Why?  Because when you learn that your circumstances do not determine your happiness, you will truly understand the power of your own mind.  Also, when you learn how to find contentment in your current job, it takes the pressure off of your job search.  You don’t have to worry about taking the first job you’re offered, even if it’s going to double your commute time or require longer hours than you’d like.  You can be methodical and confident in your job search and take your time finding the right job for you.  Which is the best way to find a job.

Case In Point

A client whom I’ll call Allison was feeling desperate to leave her current job at her first coaching session.  She had a new boss and things weren’t going well at work.  Although she had thrived at that job for the past seven years, she no longer felt happy there and she wanted out.

We looked at the thoughts that were creating Allison’s unhappiness at work. They boiled down to this:

  • My new boss is not communicating well with me, like my old boss did.
  • He is not efficient.
  • He’s going to run this place into the ground.
  • He should be different than he is.
  • There is no longer an opportunity for me to advance here.
  • I need to get out as soon as possible.

Allison’s co-workers also had their own negative thoughts about the new boss, and when they commiserated together, Allison found even more reasons or evidence to support those negative thoughts, which left her feeling even worse.

Allison was convinced that every single one of her thoughts was a fact, that she was just observing reality.  But the circumstances were really:

  • She had a new boss.
  • Her new boss had made decisions that Allison did not like.
  • Her new boss did not send an email to the team informing them of the decisions.
  • The team learned about the decisions at a meeting.

Everything else was a thought, a sentence in her mind.

The overarching thought that “he should be different than he is” was causing Allison the most grief.  The reason it was creating so much unhappiness for Allison is because that thought was, as Byron Katie puts it, “arguing with reality.”

When Allison was thinking “he should be different than he is,” she felt angry.  When she felt angry, she wasn’t productive at work because she was spending lots of time spinning in her mind and also commiserating with co-workers.  When she did that, she didn’t enjoy her job anymore.  She was miserable.  When we looked at the result that her thought was creating for her, Allison realized that she was the one who could “be different” in this circumstance because she was the only person that she could change.  Arguing with reality produced no real benefit because Allison could not control her new boss.  As much as we would like to change what other people say and do, we simply can’t.

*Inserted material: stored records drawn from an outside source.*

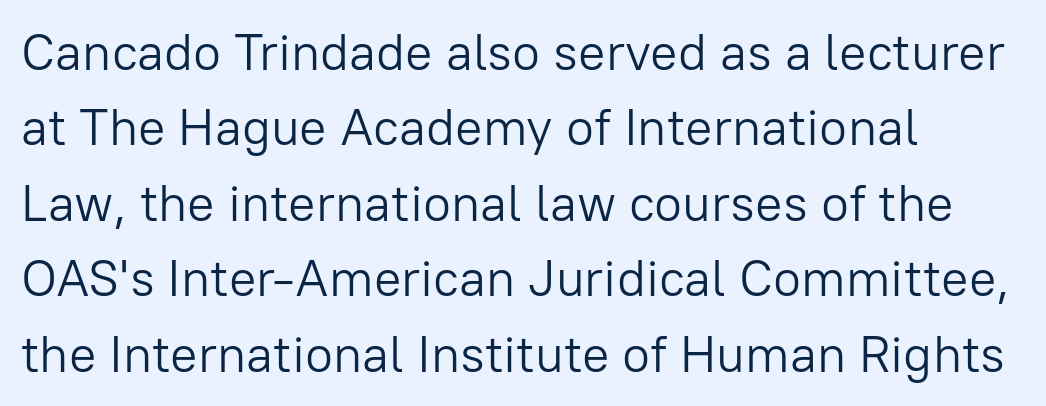
Q: Is the text bold? A: No.
Q: Is the text italic (slanted)? A: No, it is upright.
Q: Is the typeface a serif or a sans-serif typeface? A: Sans-serif.
Q: Is the text underlined? A: No.
Q: How is the paragraph aligned? A: Left-aligned.
Q: Is the spacing between letters normal or unusually wide? A: Normal.
Q: Is the spacing between lines tight, normal or loose? A: Normal.
Q: Width (condensed, normal, or wide)? A: Normal.
Q: Stroke contrast? A: Low.
Q: x-height? A: Medium.
Q: Monospaced? A: No.
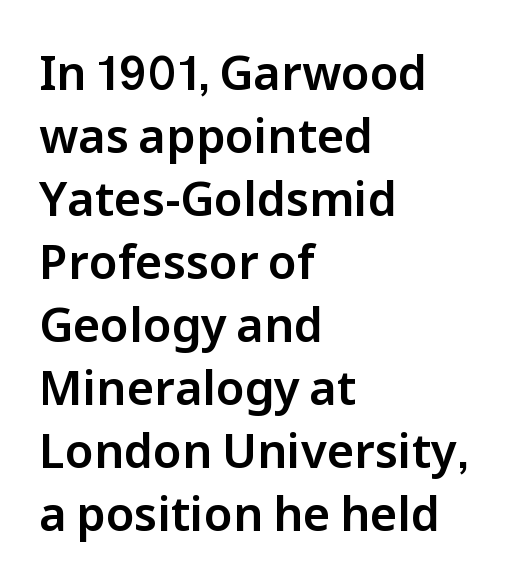
This sample keeps an unexceptional amount of space between lines. Think of a printed novel: that variable character pitch is what you see here. The face used here is rendered with its standard letterfit. Is the block centered? No — it sits flush against the left margin. A bare baseline throughout the passage. Designer's note — italics off, roman on.
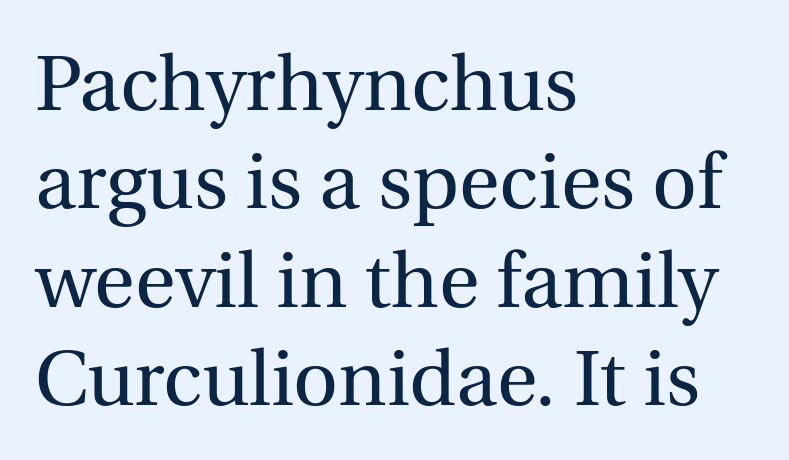
The image shows 78 px regular-weight serif type, upright; set left-aligned, normal line spacing (1.26x), normal letter spacing, not underlined; a medium x-height.
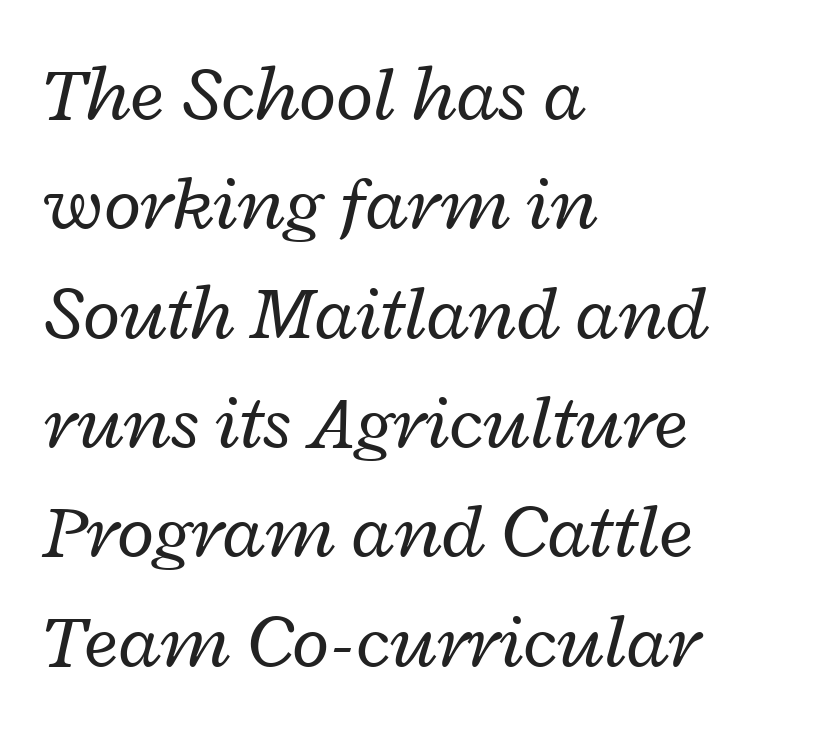
The image shows 77 px regular-weight, wide type, italic (leaning right); set left-aligned, normal line spacing (1.42x), normal letter spacing, not underlined; low stroke contrast and a medium x-height.
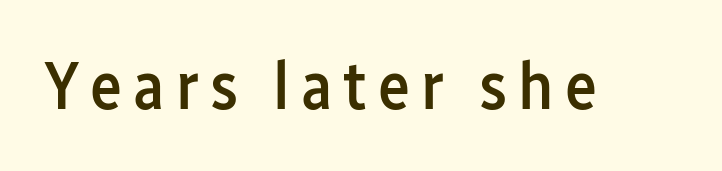
Q: Is the text bold? A: Semi-bold.
Q: Is the text italic (slanted)? A: No, it is upright.
Q: Is the typeface a serif or a sans-serif typeface? A: Sans-serif.
Q: Is the text underlined? A: No.
Q: Width (condensed, normal, or wide)? A: Condensed.
Q: Stroke contrast? A: Low.
Q: x-height? A: Medium.
Q: Monospaced? A: No.
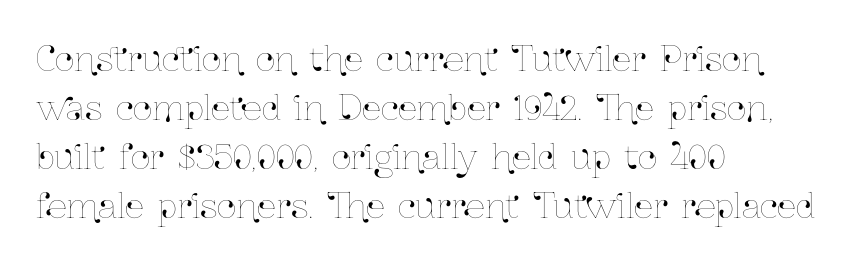
Q: Is the text italic (slanted)? A: No, it is upright.
Q: Is the text underlined? A: No.
Q: How is the paragraph aligned? A: Left-aligned.
Q: Is the spacing between letters normal or unusually wide? A: Normal.
Q: Is the spacing between lines tight, normal or loose? A: Normal.
Q: Width (condensed, normal, or wide)? A: Condensed.
Q: Stroke contrast? A: Low.
Q: x-height? A: Medium.
Q: Monospaced? A: No.
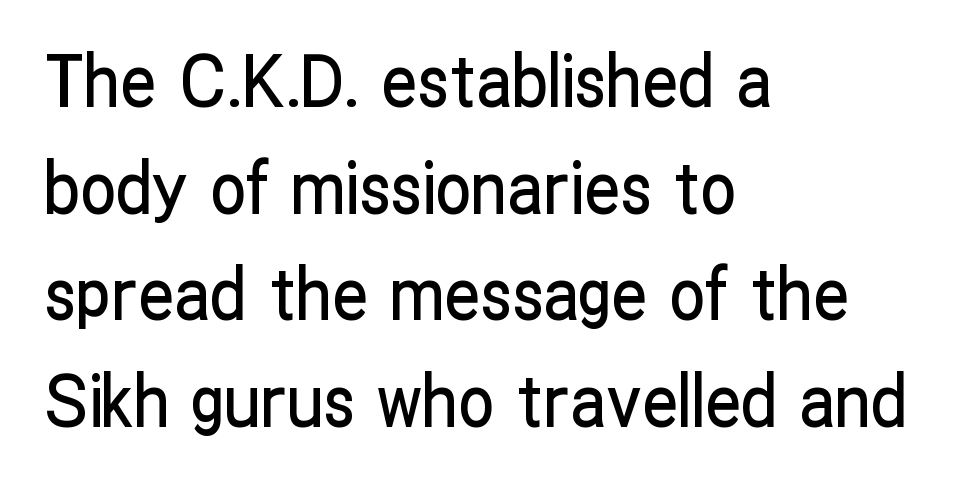
Q: Is the text italic (slanted)? A: No, it is upright.
Q: Is the typeface a serif or a sans-serif typeface? A: Sans-serif.
Q: Is the text underlined? A: No.
Q: How is the paragraph aligned? A: Left-aligned.
Q: Is the spacing between letters normal or unusually wide? A: Normal.
Q: Is the spacing between lines tight, normal or loose? A: Normal.
Q: Width (condensed, normal, or wide)? A: Condensed.
Q: Stroke contrast? A: Low.
Q: x-height? A: Medium.
Q: Monospaced? A: No.

I challenged her to look for evidence to support the opposite thought.  What if he should be exactly how he is?  How do we know that he should be exactly that way? Because he is that way.  That’s the best evidence there is.  When you realize that you can accept someone else exactly as they are and still have inner peace, it feels amazing because you realize that you are always in control of how you feel.

Feeling Better Is Always Available

This is best illustrated with an extreme example.  In Man’s Search For Ultimate Meaning, Victor Frankl said “[t]he last of the human freedoms” is “to choose one’s attitude in any given set of circumstances, to choose one’s own way.”  He learned that when he was a Jewish prisoner in a Nazi concentration camp, which proves that if he could choose acceptance in those circumstances, it is always available to us well.

When Allison decided that there was no use arguing with reality and started choosing to think “my boss is exactly the way he should be,” she felt acceptance and relief, like a huge weight was lifted from her shoulders.  The feeling of acceptance drove her to get back to work, become productive again, decline to commiserate with co-workers, and enjoy her work again.  She still wanted to continue her job search, but she no longer had a desperate sense of urgency to leave.  She could be thoughtful and systematic about her search, to make sure she would find the right job for her.

What about you?  What are you telling yourself about your current situation that isn’t serving you or that is creating unhappiness for you?  What are the actual facts and what are your thoughts about them?  Knowing that you always have the freedom to choose, how do you want to feel in those circumstances?  However you want to feel, it’s available to you now.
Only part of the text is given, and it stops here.